Alberto Garzón: "Esta parte de la población que niega la vieja política e impugna el sistema del 78 porque considera que ya no tiene validez, está dispuesta a pensar y a repensar una nueva forma de hacer política"

Pero este lenguaje también afecta incluso en los mismos marcos ideológicos. Cuando el diputado de Izquierda Unida, Alberto Garzón usa el término “régimen” o "sistema del 78", como expone en una entrevista en Jotdown, para referirse a la ordenación del estado actual, en vez de usar términos no tan identificados, está empleando un lenguaje que ataca al mismo objetivo que tiene IU, pero evoca también a la formación de Iglesias.

Así, en múltiples tertulias, artículos periodísticos o declaraciones de políticos, el uso de estos términos se ha extendido, haciendo comprender una realidad existente desde un punto de vista determinado, que indudablemente evoca a Podemos. Una propaganda que puede ser o no buscada, pero que ayuda a la formación a estar en el discurso global.

Herencia del 15-M

Un elemento a favor de Podemos, que afecta en este tema a todos los partidos, es la asignación a las ideas de la formación de marcos no creados por ellos. Esto se debe a que gran parte del mensaje de Podemos está tomado del 15-M, como algunos eslóganes del movimiento: “El miedo va a cambiar de bando”, “No nos falta dinero, lo que nos sobra son ladrones”, "PP y PSOE son lo mismo", “¿Quién ha votado al FMI?” "Violencia es cobrar 600 euros" y muchos más lemas que se pueden encontrar en carteles de 2011, y es que cuando el PP habla de “regeneración democrática”, el término remite a Podemos, porque regenerar, según la RAE, es: “Dar nuevo ser a algo que degeneró, restablecerlo o mejorarlo”, lo que supone asumir que había degenerado, que estaba mal, y en el espacio “degenerado” toda discusión se remite a la gestión de populares y socialistas, exactamente demandas vinculadas a la formación de Iglesias.

Faltan ideas

Lakoff: "Cuando piensas que lo único que te falta son palabras, lo que realmente te falta son ideas"

Lakoff expresa en su libro que uno de los errores de los demócratas es que “piensan que tienen ideas de sobra. Que lo único que les falta es acceso a los medios. O quizá algunas frases mágicas e impactantes”, pero es rotundo: “Cuando piensas que lo único que te falta son palabras, lo que realmente te falta son ideas. Las ideas surgen bajo la forma de marcos”. Continúa explicando que la diferencia entre tener los marcos adecuados o no es la necesidad de tener que plantear una larga parrafada para explicar algo, mientras que un marco lo expone en conceptos sencillos que todo el mundo entiende.

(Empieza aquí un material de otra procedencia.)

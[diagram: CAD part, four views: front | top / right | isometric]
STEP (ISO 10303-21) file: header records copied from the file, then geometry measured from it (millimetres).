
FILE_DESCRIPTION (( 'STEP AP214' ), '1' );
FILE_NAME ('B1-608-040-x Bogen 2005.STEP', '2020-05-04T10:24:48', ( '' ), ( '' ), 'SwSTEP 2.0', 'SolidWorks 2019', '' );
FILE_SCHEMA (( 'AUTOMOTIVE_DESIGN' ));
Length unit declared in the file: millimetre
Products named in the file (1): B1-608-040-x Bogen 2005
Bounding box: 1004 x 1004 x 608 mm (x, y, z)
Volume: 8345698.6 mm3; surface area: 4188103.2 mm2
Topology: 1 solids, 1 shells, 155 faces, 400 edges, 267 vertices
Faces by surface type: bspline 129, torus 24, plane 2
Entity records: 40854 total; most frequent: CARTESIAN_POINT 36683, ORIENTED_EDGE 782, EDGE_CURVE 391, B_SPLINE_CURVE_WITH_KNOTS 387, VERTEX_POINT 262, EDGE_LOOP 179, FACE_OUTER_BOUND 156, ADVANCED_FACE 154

En este aspecto, el partido socialista ha sido desplazado en los marcos por Podemos. Lakoff diferenciaba la posición ideológica de republicanos y demócratas en dos formas de entender la familia, “padre estricto” para conservadores y “padre protector” para demócratas. Podemos ha arrebatado en su discurso grandes rasgos de la posición de padre protector al partido socialista, y lo ha situado más cerca del padre estricto, dado que el PSOE ha mantenido en los últimos años un discurso cercano al “no se puede”, de forma “estricta”, mientras que Podemos ha planteado un “si se puede”, que puede proteger la vida de la gente, desplazando al PSOE; que ha tenido que desviar su discurso para recuperar su espacio ideológico o verse en el riesgo de encontrarse en tierra de nadie.

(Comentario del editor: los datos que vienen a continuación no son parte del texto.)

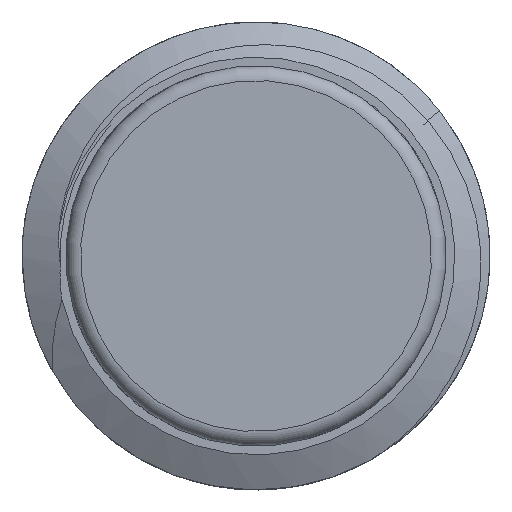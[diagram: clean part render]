
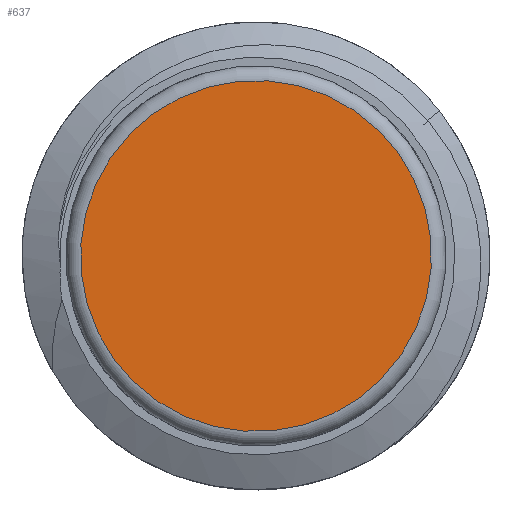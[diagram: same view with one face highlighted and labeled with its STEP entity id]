
A CAD part, left-side view. The second image highlights one B-rep face of the part: STEP entity #637.
In plain terms, the highlighted planar face has unit normal (-1, 0, 0).
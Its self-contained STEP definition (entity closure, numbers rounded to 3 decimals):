
#43=PLANE('',#700);
#50=FACE_OUTER_BOUND('',#89,.T.);
#89=EDGE_LOOP('',(#416));
#131=CIRCLE('',#701,3.);
#260=VERTEX_POINT('',#1080);
#322=EDGE_CURVE('',#260,#260,#131,.T.);
#416=ORIENTED_EDGE('',*,*,#322,.T.);
#637=ADVANCED_FACE('',(#50),#43,.T.);
#700=AXIS2_PLACEMENT_3D('',#1079,#754,#755);
#701=AXIS2_PLACEMENT_3D('',#1081,#756,#757);
#754=DIRECTION('center_axis',(-1.,0.,0.));
#755=DIRECTION('ref_axis',(0.,0.899,-0.438));
#756=DIRECTION('center_axis',(-1.,0.,0.));
#757=DIRECTION('ref_axis',(0.,-0.438,-0.899));
#1079=CARTESIAN_POINT('Origin',(-0.3,-0.658,-1.348));
#1080=CARTESIAN_POINT('',(-0.3,-2.696,1.315));
#1081=CARTESIAN_POINT('Origin',(-0.3,0.,0.));

La importancia de los marcos

Según Lakoff, los liberales y progresistas tienden a creer algunos preceptos de la Ilustración como: “La verdad os hará libres. Si nosotros le contamos a la gente los hechos, como la gente es básicamente racional, todos sacarán las conclusiones acertadas”. Pero la gente no piensa de esa manera, a través de hechos individuales, sino mediante marcos. La verdad, para ser aceptada, tiene que encajar en un determinado marco que encuadre la visión del mundo. Por ello, y dado que los conceptos descansan en el inconsciente, estos conceptos no pueden ser cambiados ni modificados por un hecho aislado, sino interiorizados. Entonces, cuando alguien defiende que “no es casta”, que alguien “es ETA”, o que “España se está recuperando”, tiene escaso o nulo efecto en los ciudadanos que manejan los marcos actuales de Podemos, construidos sobre unas ideas, y que han cuajado en la sociedad, levantadas alrededor de los conceptos de Iglesias, Monedero y el 15-M.